Interestingly, the PacBio data used for assembly were of similar coverage to the data used for assembling the European Whitefish genome (De‐Kayne et al., 2020); however, the Lake Trout genome contig N50 is >3x higher (1.8 Mb vs. 0.53 Mb; Table S3). It is worth noting that this assembly was produced using a different assembler (wtdbg2; Ruan & Li, 2020); however, an assembly with a contig N50 of 211 Kb was also generated from these data using Falcon (De‐Kayne et al., 2020). There are at least two reasonable explanations for the pronounced difference in contig N50 between the Lake Trout genome and European Whitefish assemblies produced using Falcon and wtdbg2. First, the European Whitefish genome was assembled using DNA from a wild‐caught, outbred individual rather than a double haploid. Second, the European Whitefish genome was not gap filled after scaffolding. Gap filling the Lake Trout genome with PBJelly increased contig N50 by 561,496 bp, which partially explains the difference.
Additionally, our analysis of homeolog sequence identity across the Lake Trout genome indicates that regions exhibiting delayed rediploidization (i.e., LORe regions; Robertson et al., 2017) are primarily associated with metacentric chromosomes and their acrocentric homeologs in Lake Trout. We identified one pair of acrocentric homeologs with elevated sequence identity (Chr23 and Chr34). Similar to Lien et al. (2016), these results suggest that homeologous pairing might not necessarily require one chromosome to be metacentric as suggested by Kodama et al. (2014). Interestingly, the region with elevated homeolog sequence identity on chromosome 4 does not appear to be associated with one of the telomeres. A previous quantitative trait locus mapping study suggested that this chromosome harbours the sex determining gene (SdY) in Lake Trout (Smith et al., 2020).
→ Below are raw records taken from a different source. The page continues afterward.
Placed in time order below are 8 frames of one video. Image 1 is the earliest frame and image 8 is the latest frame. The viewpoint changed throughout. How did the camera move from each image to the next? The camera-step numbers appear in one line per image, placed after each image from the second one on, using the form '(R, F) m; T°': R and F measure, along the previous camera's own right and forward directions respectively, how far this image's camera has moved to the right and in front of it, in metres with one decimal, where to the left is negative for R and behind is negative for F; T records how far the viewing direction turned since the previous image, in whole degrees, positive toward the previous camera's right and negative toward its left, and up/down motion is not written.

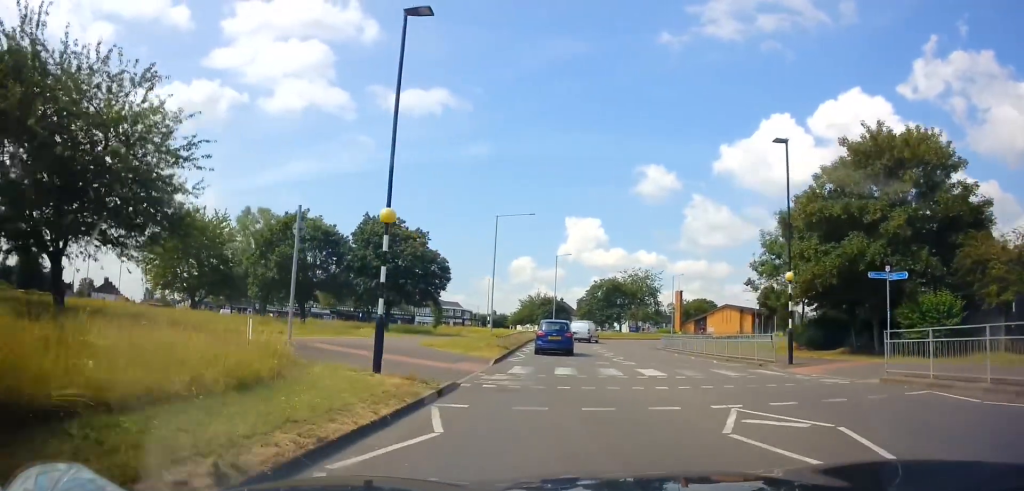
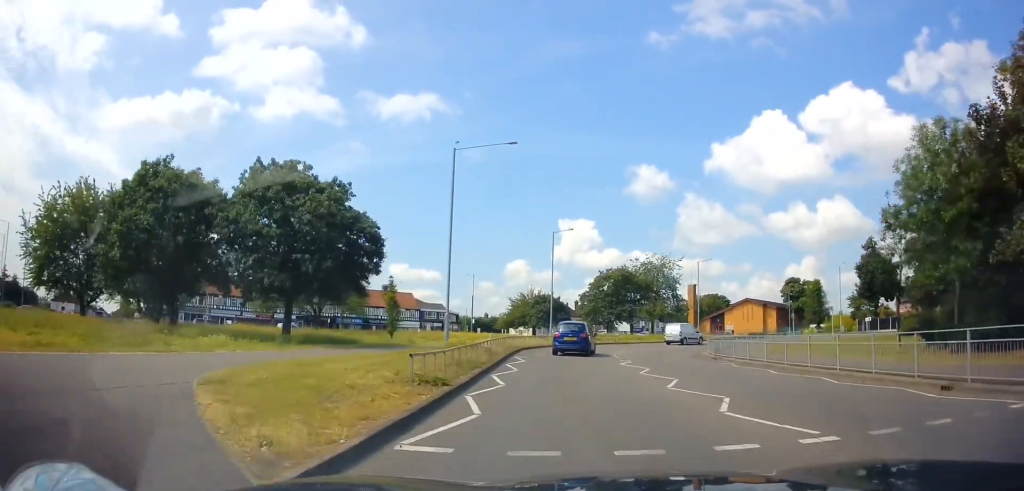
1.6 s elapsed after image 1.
(-0.6, +14.6) m; -2°
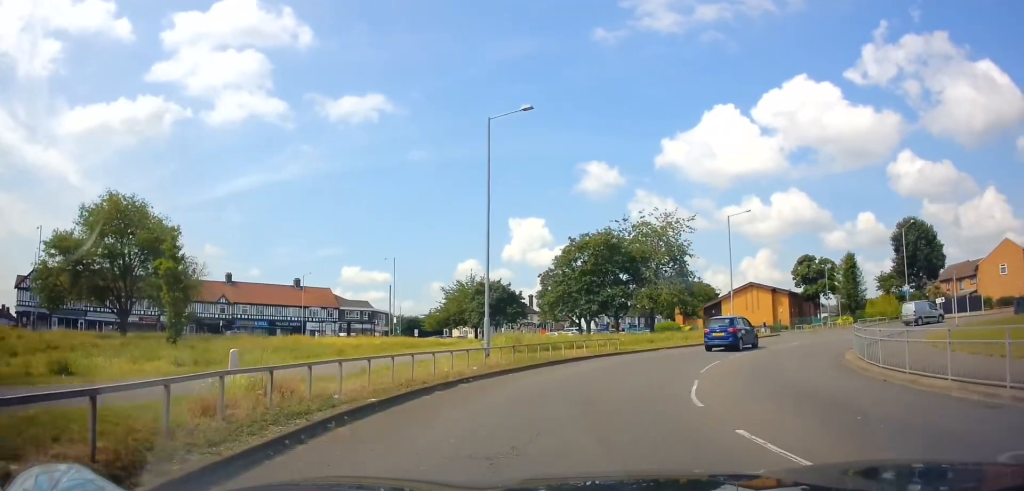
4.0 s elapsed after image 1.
(+0.4, +22.7) m; +6°
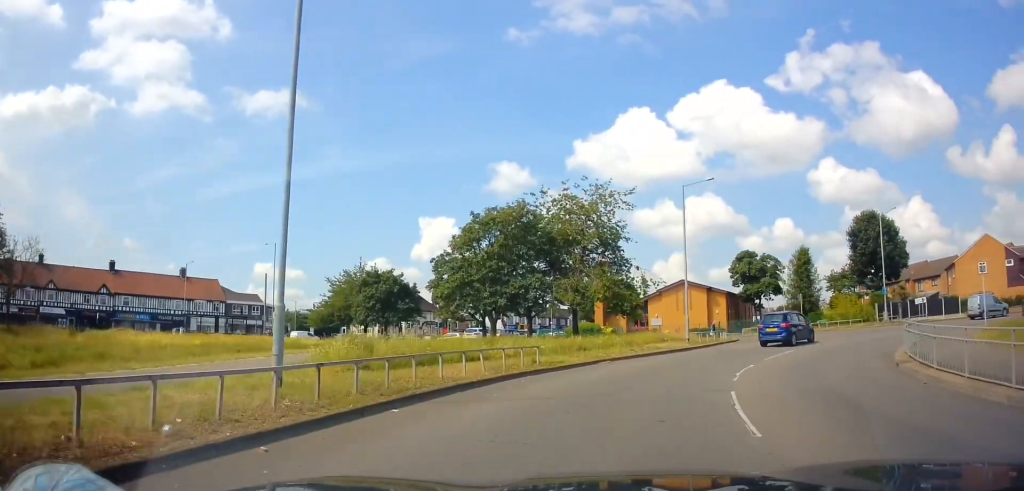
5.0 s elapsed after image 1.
(+0.6, +9.2) m; +9°
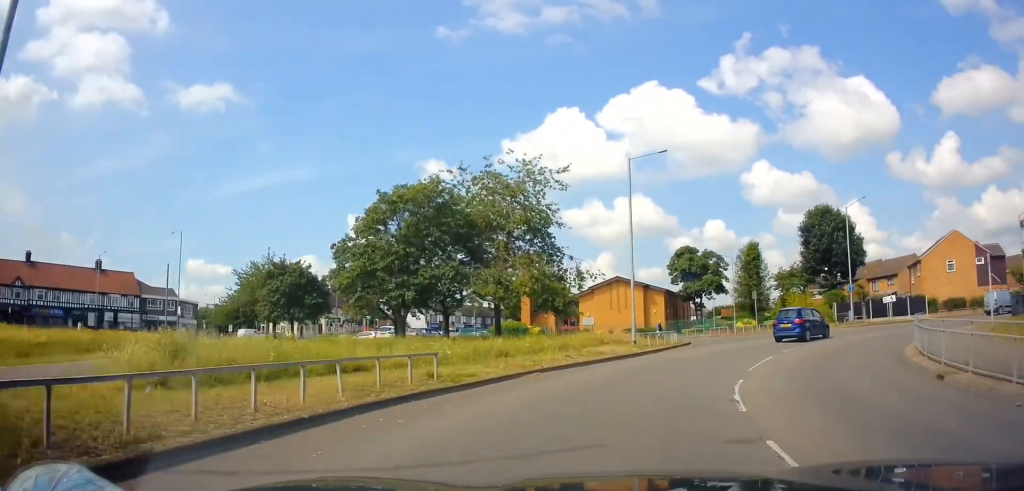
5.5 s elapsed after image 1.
(0.0, +4.6) m; +6°
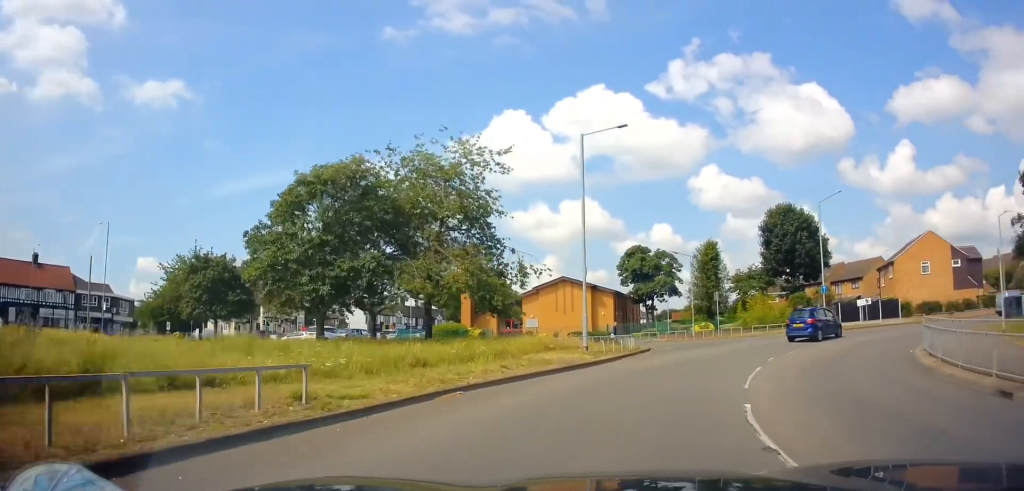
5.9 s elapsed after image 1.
(+0.4, +3.5) m; +7°
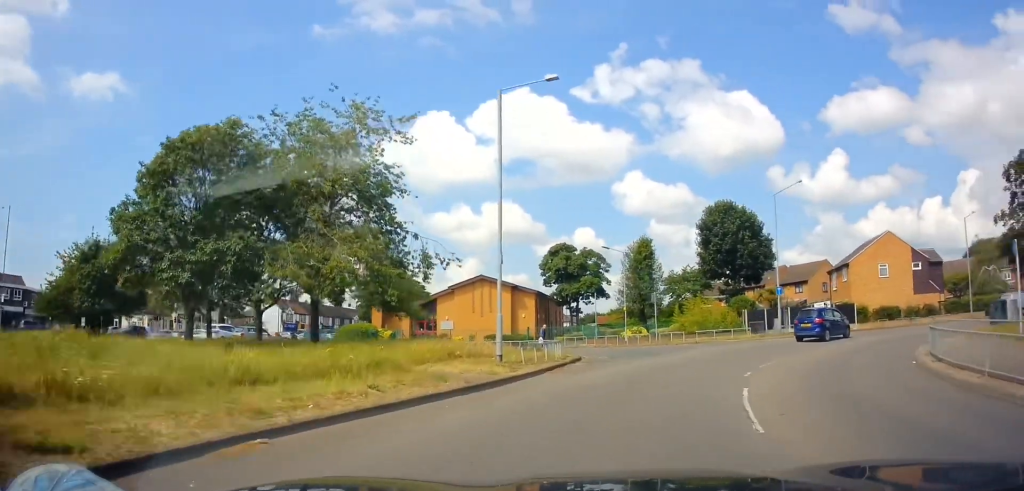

It is important to note that the assembly presented here does not represent a true haploid assembly even though contigs were assembled using DNA from a double haploid individual. The assembly was error corrected using sequencing reads from a diploid female, the linkage map was generated using families from multiple hatchery strains (Smith et al., 2020), and Hi‐C data were generated from a diploid individual from a separate strain. Therefore, the chromosome sequences presented here represent consensus sequences for female Lake Trout (from the Seneca L. strain) rather than haplotypes existing within the DH individual we sequenced. Additionally, PacBio assemblies are known to have an elevated prevalence of short indel errors relative to short read assemblies. These errors can interfere with annotation and necessitate error correction using short‐read data (Watson & Warr, 2019). For this assembly, we excluded multimapping reads with low mapping qualities in order to avoid homogenizing variation between homeologs during error correction. This could have resulted in an elevated prevalence of short indel errors within duplicated regions with high homeolog sequence identity, which could make it more difficult to annotate genes in these regions.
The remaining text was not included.